Run that string through the sub to see the results:

my @para = wrap-paragraph $str.lines, :para-pre-text('#| '), :para-indent(4);
.say for @para;

yields:

    #| Begin a new sub-path by moving the current point to coordinates (x, y),
    #| omitting any connecting line segment. If the previous path construction
    #| operator in the current path was also m, the new m overrides it.

The signature:

multi sub wrap-paragraph(
    @text,
    UInt :$max-line-length     = 78,
    #------------------------------#
    UInt :$para-indent         = 0,
    UInt :$first-line-indent   = 0,
    UInt :$line-indent         = 0,
    #------------------------------#
    Str  :$para-pre-text       = '',
    Str  :$first-line-pre-text = '',
    Str  :$line-pre-text       = '',
    #------------------------------#
    :$debug,
    --> List) is export(:wrap-paragraph)
{...}
multi sub wrap-paragraph(
    $text,
    # ... other args same as the other multi
    --> List) is export(:wrap-paragraph)
{...}

wrap-text

This routine is used in creating PostScript PDF or other output formats where blocks (e.g., paragraphs) need to be wrapped to a specific maximum width based on the font face and font size to be used. Note it has all the options of the wrap-paragraph routine except the :width is expressed in PostScript points (72 per inch) as is the :font-size. The default :width is 468 points, the length of a line on a Letter paper, portrait orientation, with one-inch margins on all sides.

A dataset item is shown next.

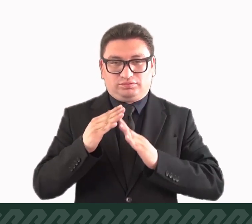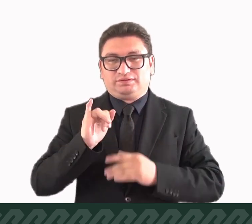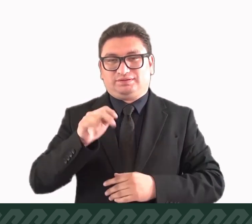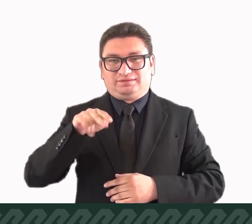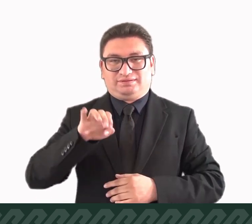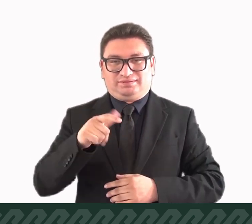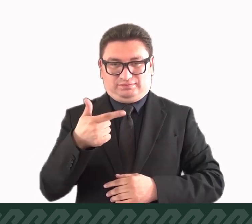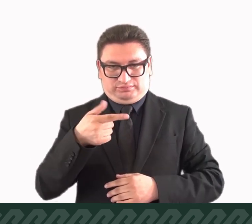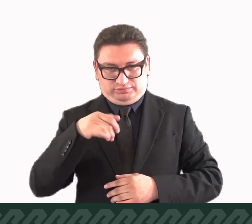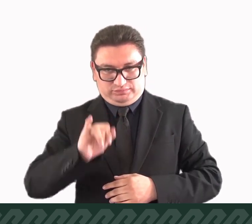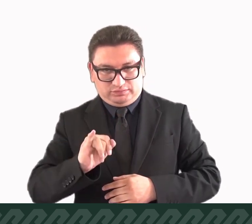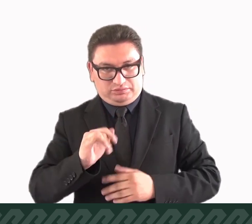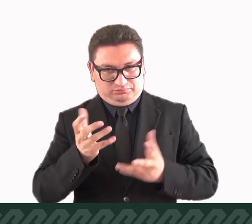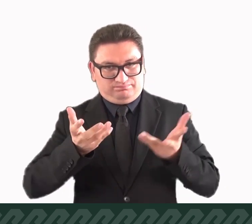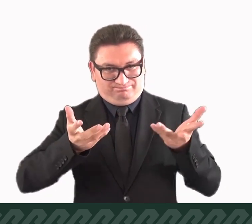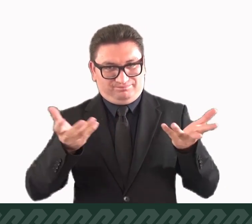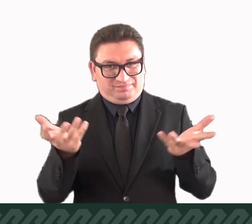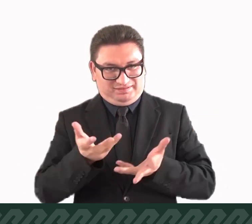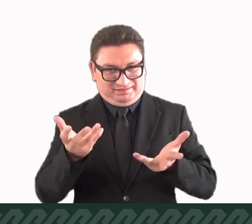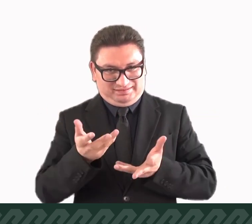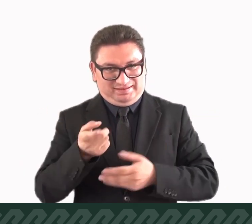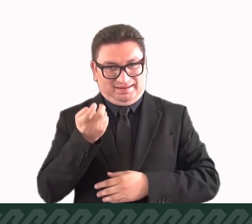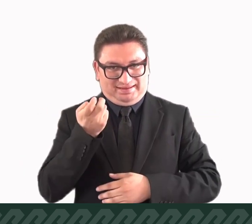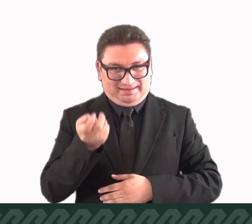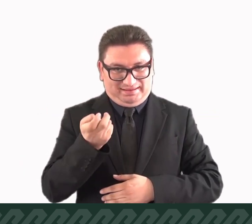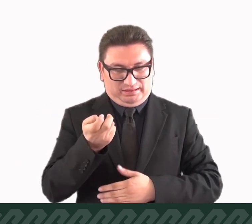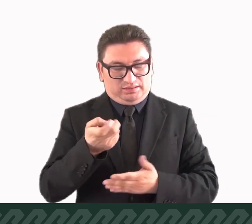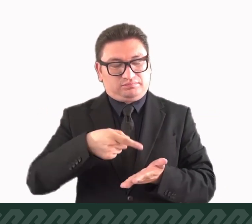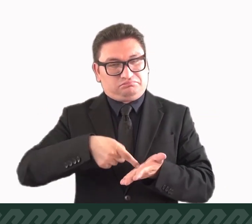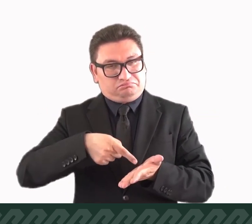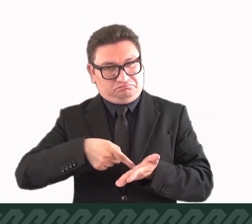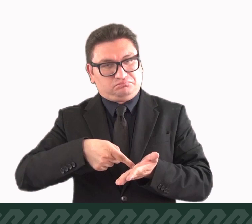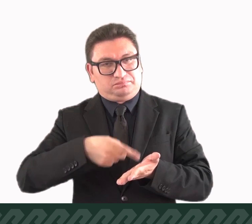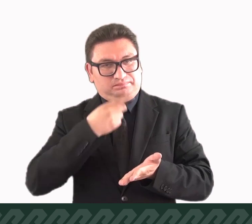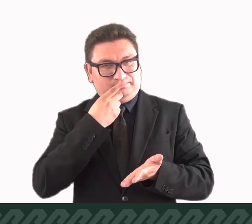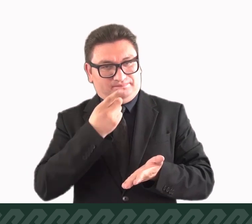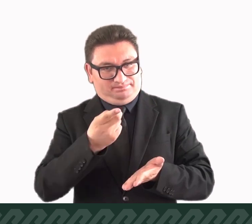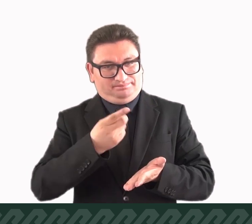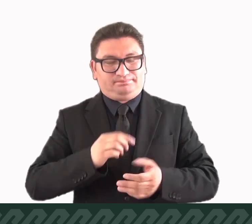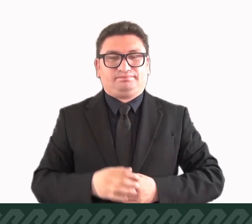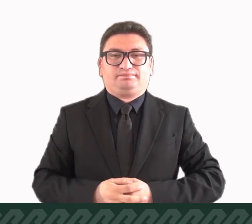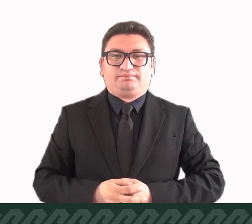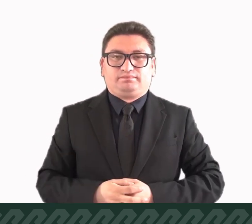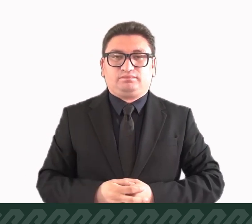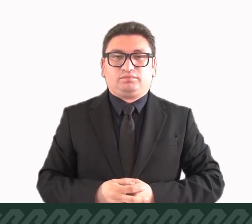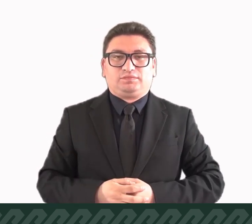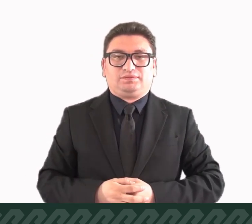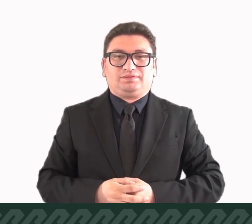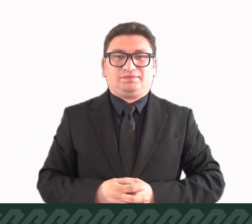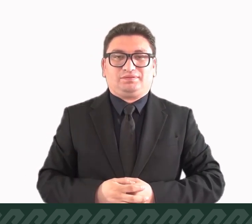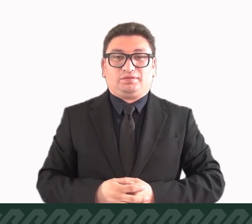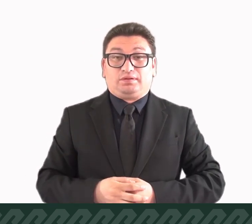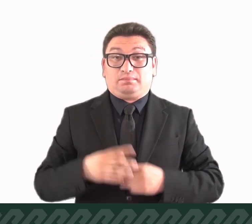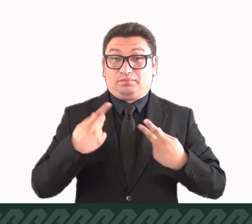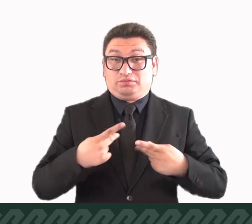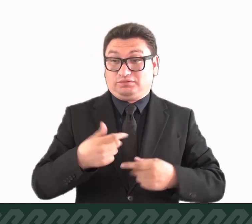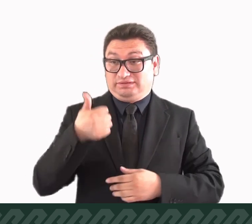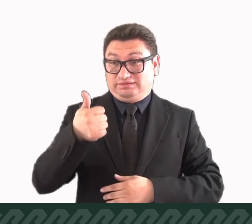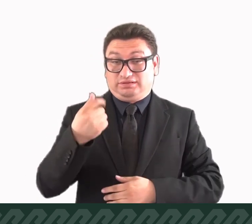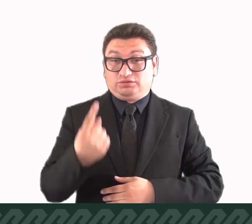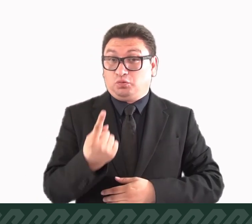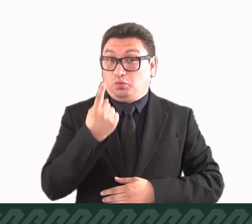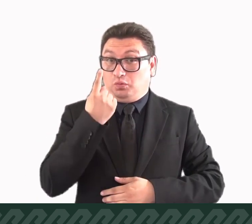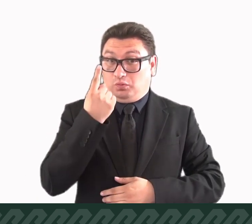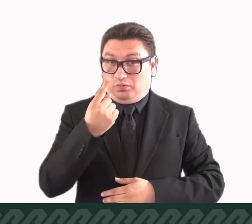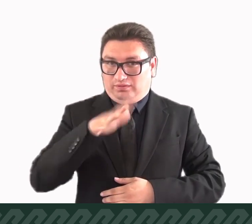realizado por el Instituto Nacional de Estadística y Geografía, INEGI, una de cada

The fonts currently handled are the the 14 PostScript and PDF Core Fonts:

Courier
Courier-Bold
Courier-Oblique
Courier-BoldOblique
Helvetica
Helvatica-Bold
Helvetica-Oblique
Helvatica-BoldOblique
Times-Roman
Times-Bold
Times-Italic
Times-BoldItalic
Symbol
Zaphdingbats
multi sub wrap-text(
    @text,
    Real :$width               = 468, #= PS points for 6.5 inches
         :$font-name           = 'Times-Roman',
    Real :$font-size           = 12,
    #------------------------------#
    UInt :$para-indent         = 0,
    UInt :$first-line-indent   = 0,
    UInt :$line-indent         = 0,
    #------------------------------#
    Str  :$para-pre-text       = '',
    Str  :$first-line-pre-text = '',
    Str  :$line-pre-text       = '',
    #------------------------------#
    :$debug,
    --> List) is export(:wrap-text)
{...}
multi sub wrap-text(
    $text,
    # ... other args same as the other multi
    --> List) is export(:wrap-text)
{...}

AUTHOR

Tom Browder [email protected]

COPYRIGHT AND LICENSE

Copyright © 2019-2024 Tom Browder

This library is free software; you may redistribute it or modify it under the Artistic License 2.0.